-- Stored records --
● ● ● ● ● ● ●

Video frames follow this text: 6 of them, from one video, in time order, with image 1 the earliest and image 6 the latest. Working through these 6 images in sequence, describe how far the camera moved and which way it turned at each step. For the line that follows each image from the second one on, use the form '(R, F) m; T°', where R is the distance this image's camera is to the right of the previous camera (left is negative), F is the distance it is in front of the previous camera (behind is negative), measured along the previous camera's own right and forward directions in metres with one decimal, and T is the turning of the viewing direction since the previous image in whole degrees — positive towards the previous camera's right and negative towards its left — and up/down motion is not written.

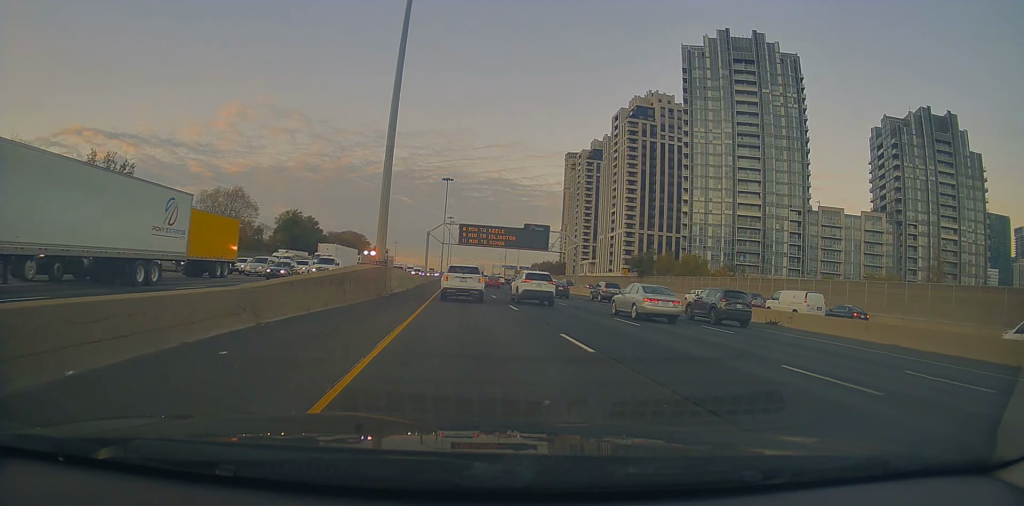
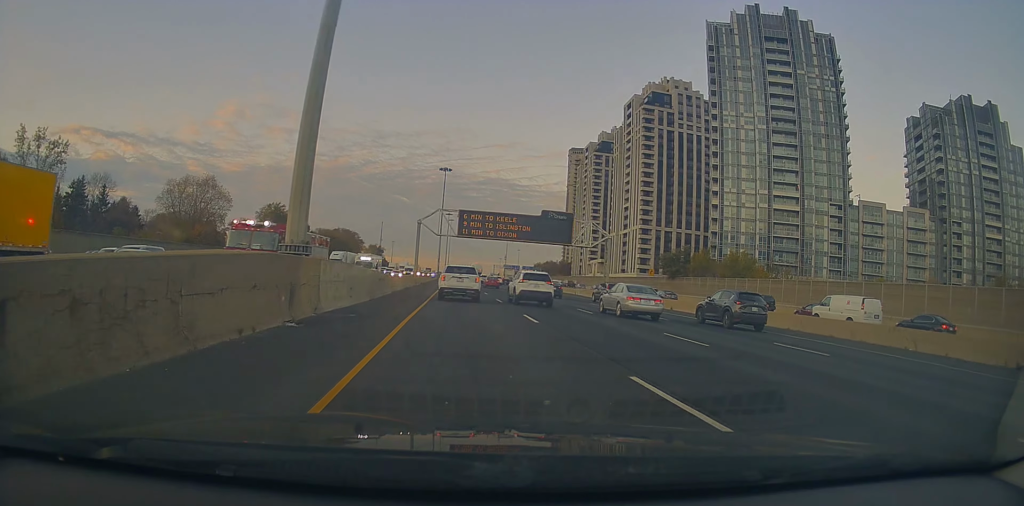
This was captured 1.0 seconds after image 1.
(-0.1, +17.6) m; -1°
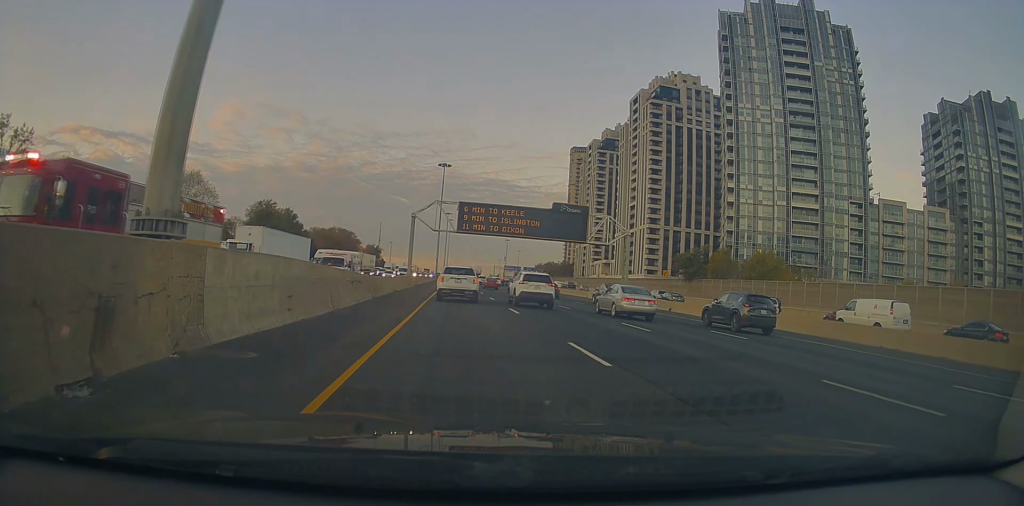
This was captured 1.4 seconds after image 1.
(-0.1, +7.7) m; 0°
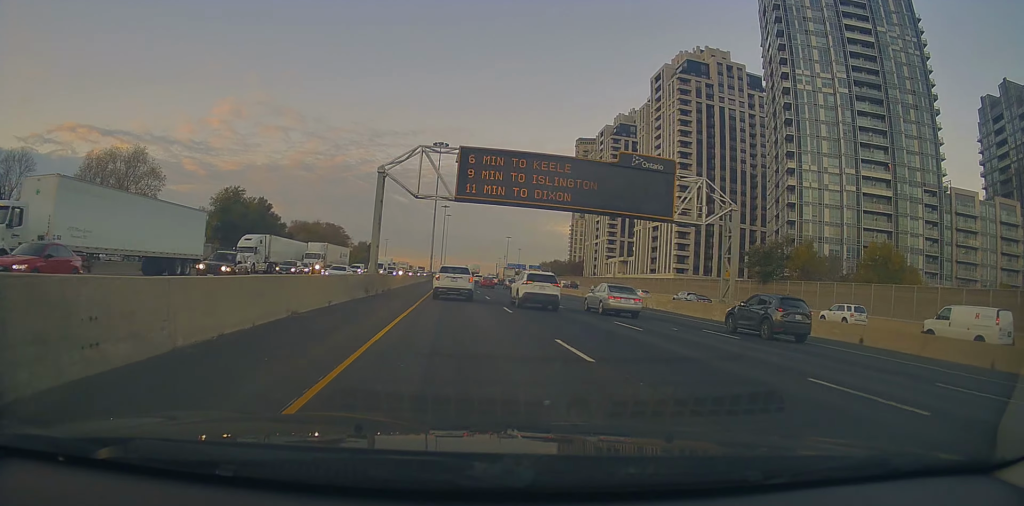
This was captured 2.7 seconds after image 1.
(+0.2, +24.1) m; +1°
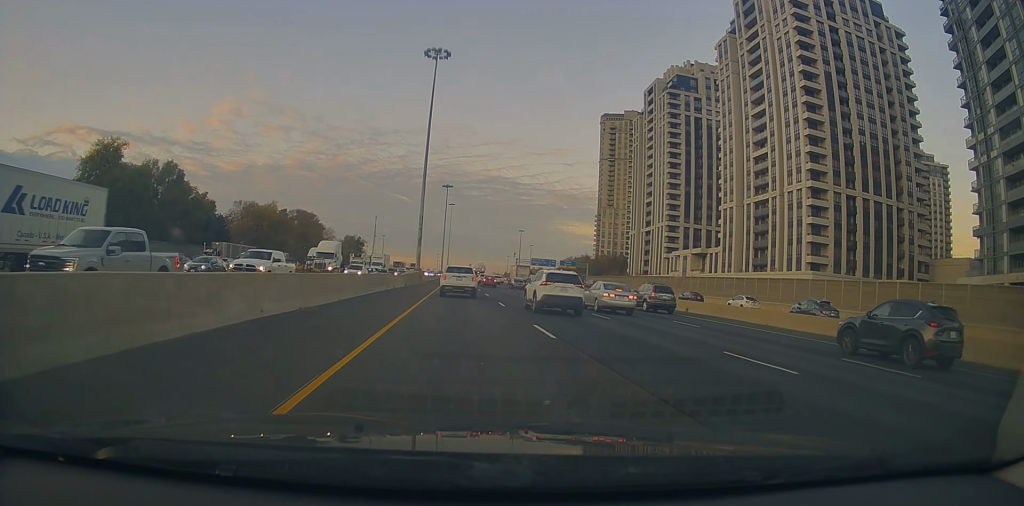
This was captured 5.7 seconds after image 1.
(0.0, +57.8) m; 0°
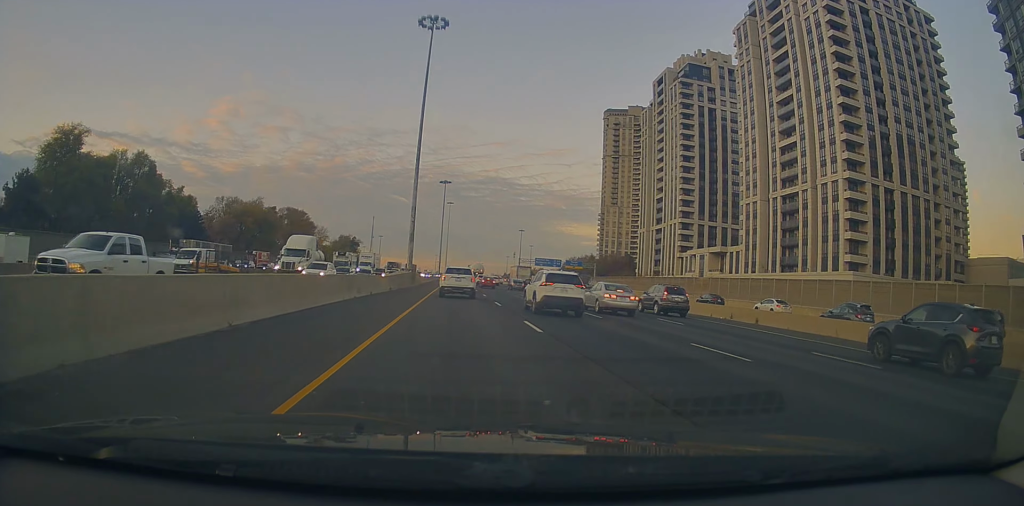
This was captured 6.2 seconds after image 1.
(-0.3, +10.8) m; 0°

● ● ● ● ● ● ●

Please output all of the data exactly as given, omitting any images it holds.

Video frames follow this text: 6 of them, from one video, in time order, with image 1 the earliest and image 6 the latest. Working through these 6 images in sequence, describe how far the camera moved and which way it turned at each step. For the line that follows each image from the second one on, use the form '(R, F) m; T°', where R is the distance this image's camera is to the right of the previous camera (left is negative), F is the distance it is in front of the previous camera (behind is negative), measured along the previous camera's own right and forward directions in metres with one decimal, and T is the turning of the viewing direction since the previous image in whole degrees — positive towards the previous camera's right and negative towards its left — and up/down motion is not written.

This was captured 1.0 seconds after image 1.
(-0.1, +17.6) m; -1°
This was captured 1.4 seconds after image 1.
(-0.1, +7.7) m; 0°
This was captured 2.7 seconds after image 1.
(+0.2, +24.1) m; +1°
This was captured 5.7 seconds after image 1.
(0.0, +57.8) m; 0°
This was captured 6.2 seconds after image 1.
(-0.3, +10.8) m; 0°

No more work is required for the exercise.